--- Exercise objective ---
Pick every line from the data below that contains the string "medium" and copy it.

═════ Supplied information ═════

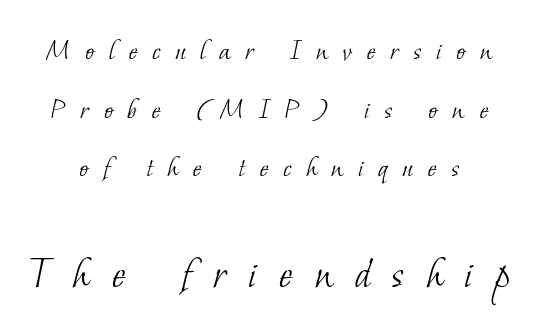
{"serif": "yes", "bold": "no", "weight": "light", "width": "normal", "stroke_contrast": "low", "x_height": "small", "monospaced": "no", "underline": "no", "line_spacing_ratio": 1.89, "letter_spacing": "wide", "letter_spacing_em": 0.46, "larger_block": "second", "size_ratio": 1.52, "glyph_px": 47}
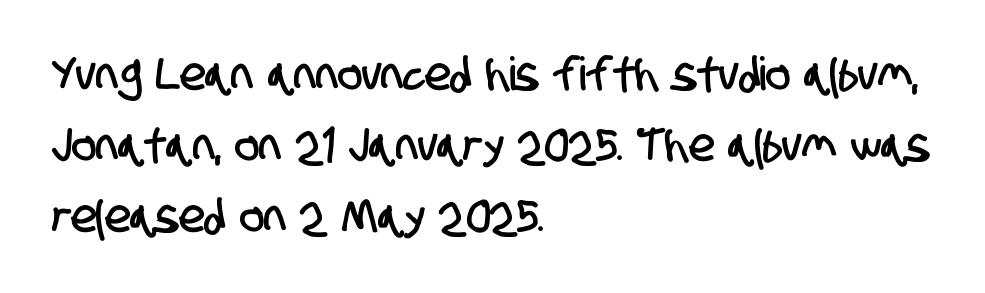
{"serif": "no", "width": "condensed", "stroke_contrast": "low", "x_height": "large", "monospaced": "no", "underline": "no", "align": "left", "line_spacing": "normal", "line_spacing_ratio": 1.54, "letter_spacing": "normal", "letter_spacing_em": 0.0, "glyph_px": 46}
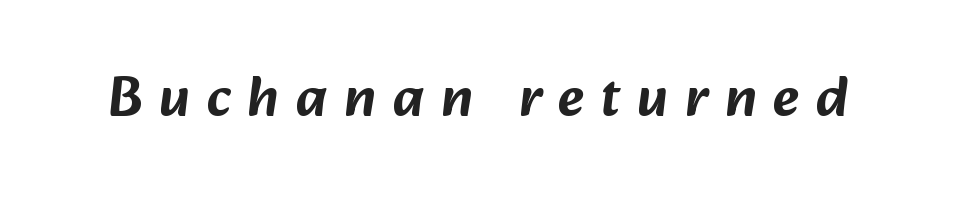
The tracking jumps out immediately: characters are airy and widely separated. The baseline area is clear. Classification — sans serif. This sample has the flowing, uneven cadence of proportional lettering.
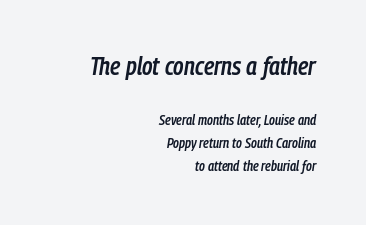
The typesetting leans somewhat heavy: a semibold. Students, observe: this is what conventionally led text looks like. Caption: multi-line text, flush right, ragged left. Compare the two chunks: the upper has the greater cap height. In terms of posture, this sample is oblique. Between one letter and the next there's only the usual sliver of space.
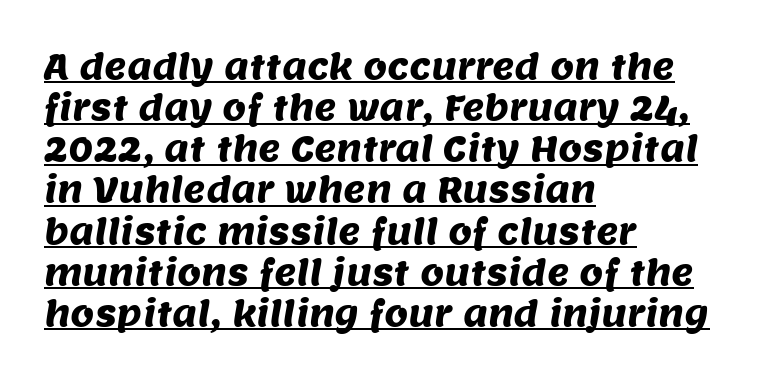
{"serif": "no", "width": "normal", "stroke_contrast": "medium", "x_height": "large", "monospaced": "no", "underline": "yes", "align": "left", "line_spacing_ratio": 1.21, "letter_spacing": "normal", "letter_spacing_em": 0.0, "glyph_px": 34}
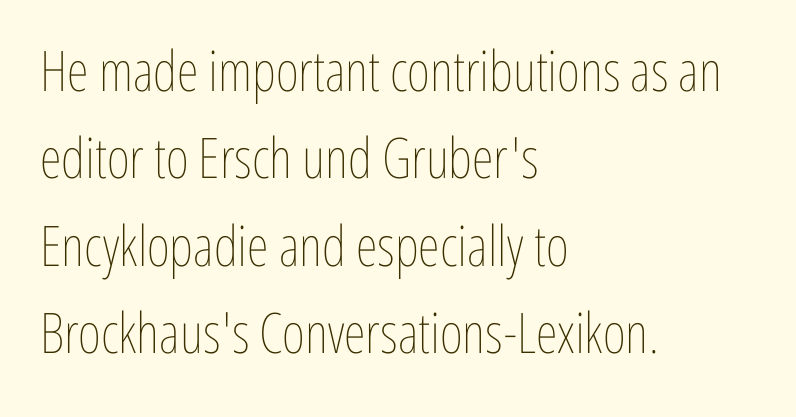
The image shows 56 px thin, condensed type, upright; set left-aligned, normal line spacing (1.56x), normal letter spacing, not underlined; low stroke contrast and a medium x-height.

═════

--- Answer ---
{"serif": "no", "width": "normal", "stroke_contrast": "medium", "x_height": "large", "monospaced": "no", "underline": "yes", "align": "left", "line_spacing_ratio": 1.21, "letter_spacing": "normal", "letter_spacing_em": 0.0, "glyph_px": 34}
The image shows 56 px thin, condensed type, upright; set left-aligned, normal line spacing (1.56x), normal letter spacing, not underlined; low stroke contrast and a medium x-height.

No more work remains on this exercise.